LAURA SCHELHAS: And there are certainly people looking at it. We see some folks looking at putting it on the front of the car. I think there’s even been commercial product out where they’ve used it to power just your seat heaters and stuff like that.
I think one of the challenges with getting a lot of power out of something on a car is one of the issues with solar is shade. There’s ways that you can get around it, but thin film technologies in particular do struggle with shading. And so if you have these really high-efficient things that you can paint all over the place but you’re going under shady things all the time, it may short out your device. It’s not impossible. It’s just an engineering challenge that we’d have to overcome.
IRA FLATOW: But you could paint the top of a carport in a parking lot or something.
LAURA SCHELHAS: And there are definitely carports that do this and employ silicon and things like that.

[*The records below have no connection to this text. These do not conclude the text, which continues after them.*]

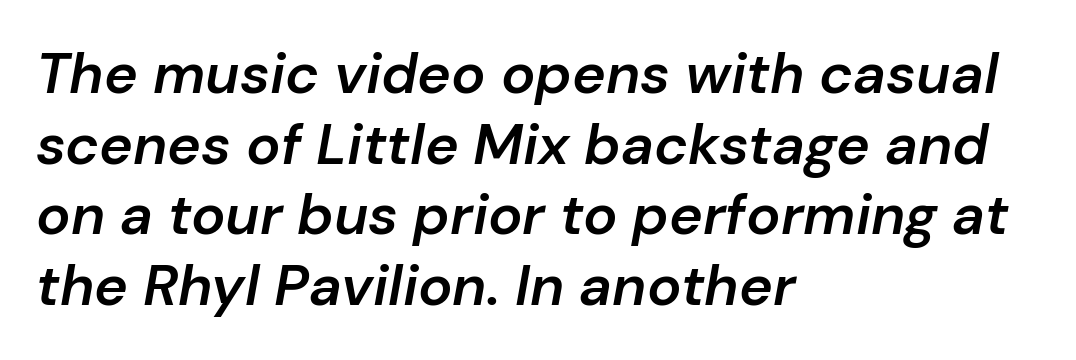
{"italic": "yes", "lean": "right", "slant_degrees": 10, "bold": "semi", "weight": "semibold", "width": "normal", "stroke_contrast": "low", "x_height": "medium", "monospaced": "no", "underline": "no", "align": "left", "line_spacing_ratio": 1.24, "letter_spacing": "normal", "letter_spacing_em": 0.0, "glyph_px": 57}
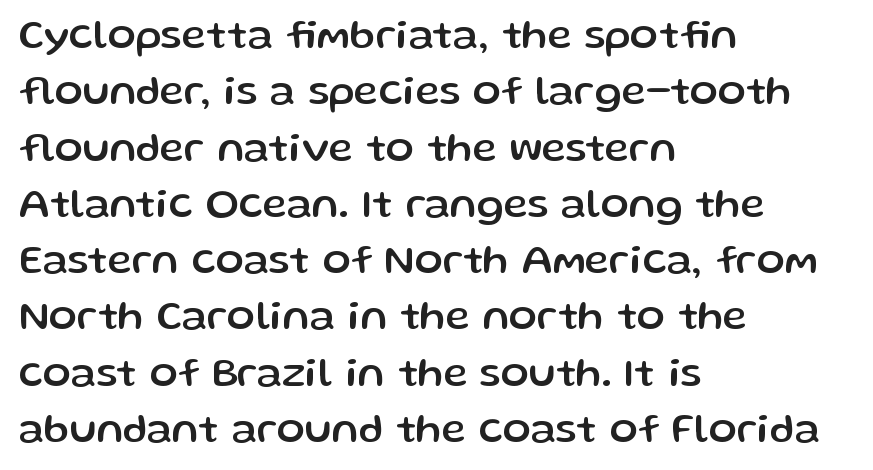
{"serif": "no", "italic": "no", "width": "normal", "stroke_contrast": "low", "x_height": "medium", "monospaced": "no", "underline": "no", "align": "left", "line_spacing": "normal", "line_spacing_ratio": 1.34, "letter_spacing": "normal", "letter_spacing_em": 0.0, "glyph_px": 42}
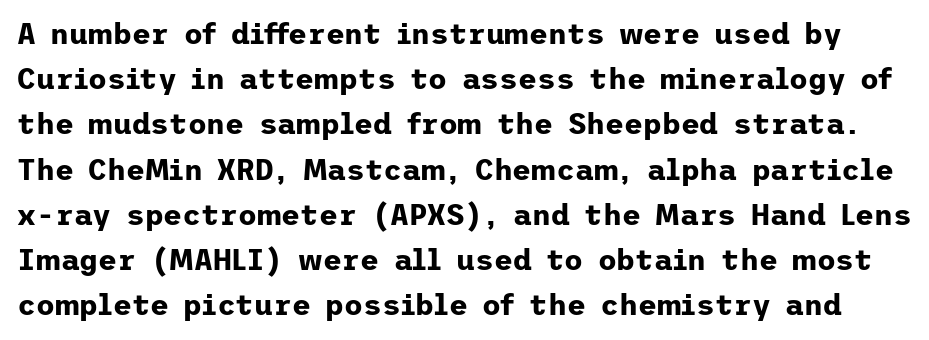
Each word holds together tightly as a unit, with standard inter-letter gaps. Heavy, bold letterforms. Check the space under the baseline: it is left empty. Leading: standard. Grotesque or geometric, the face here clearly has no serifs.
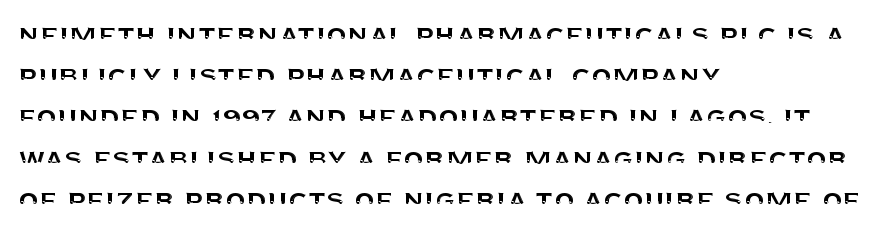
This sample has the flowing, uneven cadence of proportional lettering. Standard letterfit; no display-style spreading of the glyphs. The gap between lines stays unmarked. To sum up the face: it is a sans, with no serifs. The vertical gap from one line to the next is medium. Visually the block forms a straight wall on the left and a jagged coastline on the right.
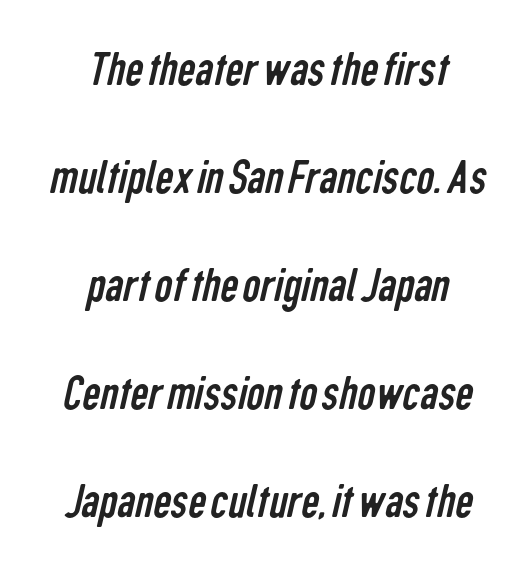
Casual observation: everything's sitting right in the middle. I'd call this a sans setting — the letters go barefoot. The block of text is sparse from top to bottom, with ample space between rows. Just letters on the line, the space beneath them empty.
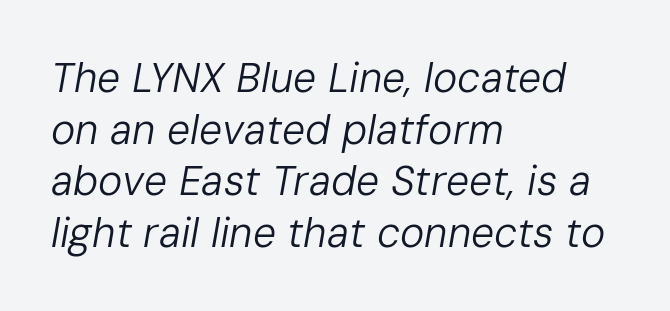
Q: Is the text bold? A: No.
Q: Is the text italic (slanted)? A: Yes, it leans right by about 10 degrees.
Q: Is the text underlined? A: No.
Q: How is the paragraph aligned? A: Left-aligned.
Q: Is the spacing between letters normal or unusually wide? A: Normal.
Q: Is the spacing between lines tight, normal or loose? A: Normal.
Q: Width (condensed, normal, or wide)? A: Normal.
Q: Stroke contrast? A: Low.
Q: x-height? A: Medium.
Q: Monospaced? A: No.
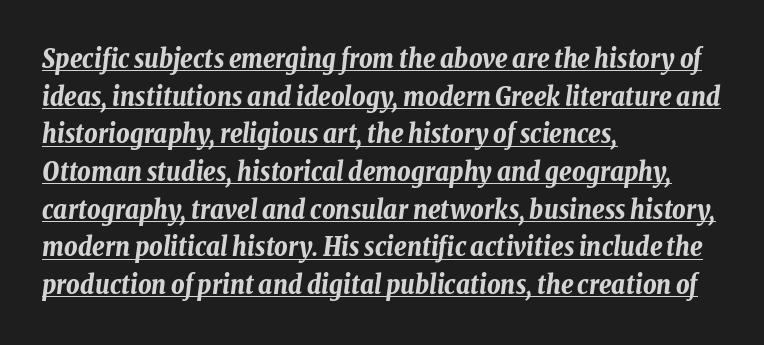
Q: Is the text bold? A: Yes.
Q: Is the text italic (slanted)? A: Yes, it leans right by about 8 degrees.
Q: Is the text underlined? A: Yes.
Q: How is the paragraph aligned? A: Left-aligned.
Q: Is the spacing between letters normal or unusually wide? A: Normal.
Q: Is the spacing between lines tight, normal or loose? A: Normal.
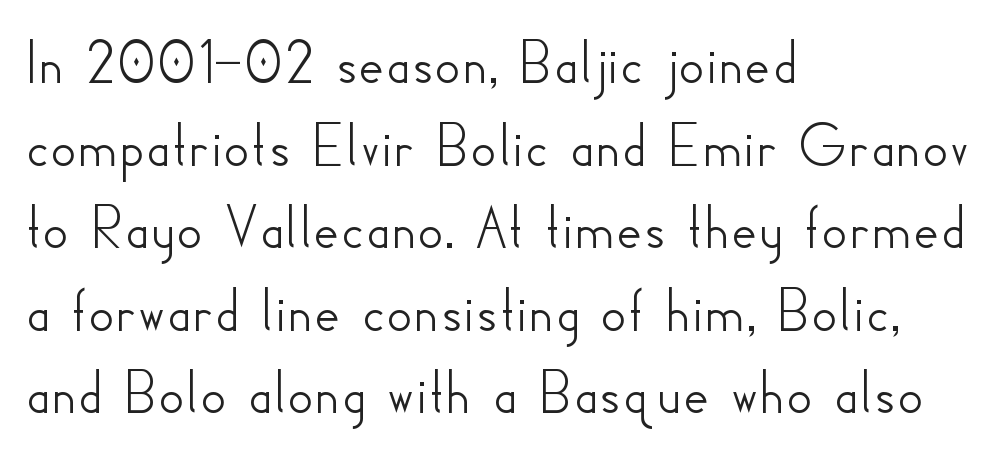
The image shows 64 px sans-serif type, upright; set left-aligned, normal line spacing (1.29x), normal letter spacing, not underlined; low stroke contrast and a small x-height.
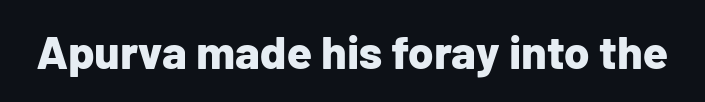
The image shows 46 px bold sans-serif type, upright; set normal letter spacing, not underlined; low stroke contrast and a medium x-height.
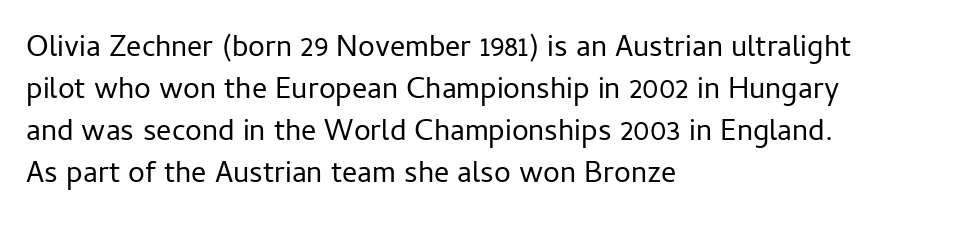
{"serif": "no", "italic": "no", "bold": "no", "weight": "regular", "width": "normal", "stroke_contrast": "low", "x_height": "medium", "monospaced": "no", "underline": "no", "align": "left", "line_spacing": "normal", "line_spacing_ratio": 1.4, "letter_spacing": "normal", "letter_spacing_em": 0.0, "glyph_px": 30}
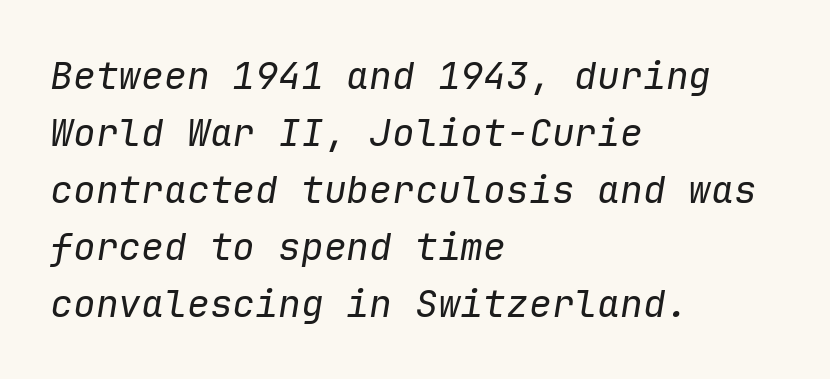
Q: Is the text bold? A: No.
Q: Is the text italic (slanted)? A: Yes, it leans right by about 9 degrees.
Q: Is the text underlined? A: No.
Q: How is the paragraph aligned? A: Left-aligned.
Q: Is the spacing between letters normal or unusually wide? A: Normal.
Q: Is the spacing between lines tight, normal or loose? A: Normal.
Q: Width (condensed, normal, or wide)? A: Normal.
Q: Stroke contrast? A: Low.
Q: x-height? A: Medium.
Q: Monospaced? A: Yes.
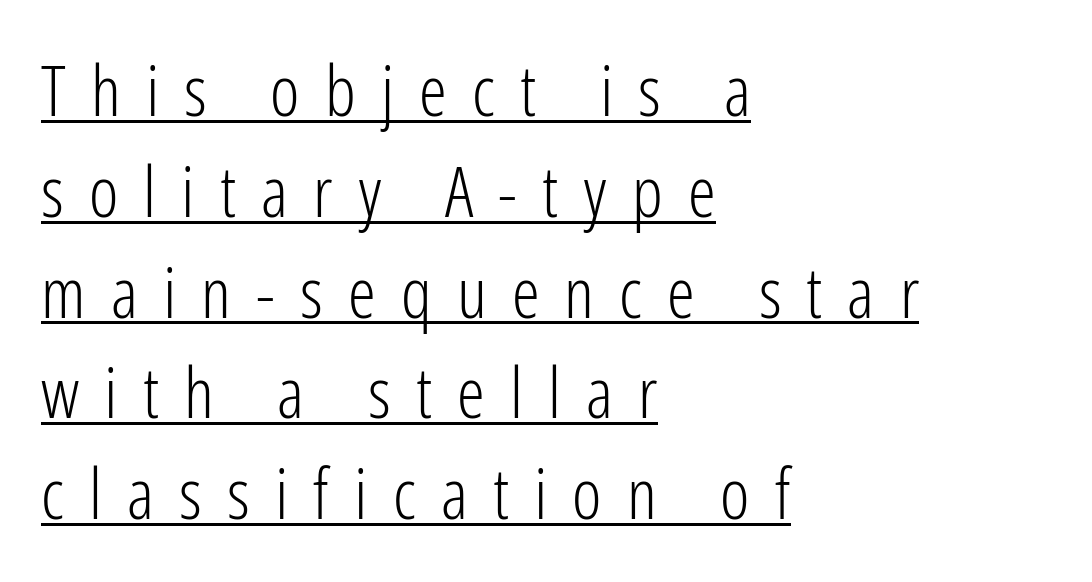
{"serif": "no", "italic": "no", "bold": "no", "weight": "light", "width": "condensed", "stroke_contrast": "low", "x_height": "medium", "monospaced": "no", "underline": "yes", "align": "left", "line_spacing": "normal", "line_spacing_ratio": 1.44, "letter_spacing": "wide", "letter_spacing_em": 0.36, "glyph_px": 70}

I used to live in California, and they put in a new beautiful carport at the mall with these glass-glass modules. You could kind of see through them, and they were beautiful, maybe because I’m a nerd, but I thought they looked really cool.
IRA FLATOW: I’m with you on that one. Let’s go over here. Yes?
AUDIENCE: Is it possible that solar panels could use moonlight to power?
LAURA SCHELHAS: Oh, I love that question.
IRA FLATOW: See, they always ask the best questions, the kids.
LAURA SCHELHAS: And it does. It works.
IRA FLATOW: Say that again?
LAURA SCHELHAS: You can see some energy generation from moonlight in certain circumstances. So I used to work on some projects where we were doing a lot of long-term fitting of time-series data of solar panels, and we kept seeing this weird stuff at night. And my colleague, Bennett Myers at SLAC in California, figured out it was actually the moonlight that was causing a little bit of power generation. So yeah.
JOSEPH BERRY: One way to think about it is that the moon is like a big reflector. The catch is that it’s not reflecting kind of directionally at a particular target. It’s diffuse reflection, but that’s still light. And if it’s light, you can totally get it.
IRA FLATOW: My brother, who was a commercial photographer for many years, and he would actually meter a full moon. He says it has the same light as daylight on pavement on the street. That’s how intense– you don’t want to look through it with a telescope even, you know? And that’s what science is all about, finding out these answers to these questions.
Well, I’m sorry we don’t have any more time for questions, but thank you all for taking time to be with us today. Thank you, both of you. Dr. Joseph Berry, senior research scientist at NREL in Golden, and Dr. Laura Schelhas, senior scientist also at the National Renewable Energy Laboratory, thank you for dropping by and telling us all about these new advances.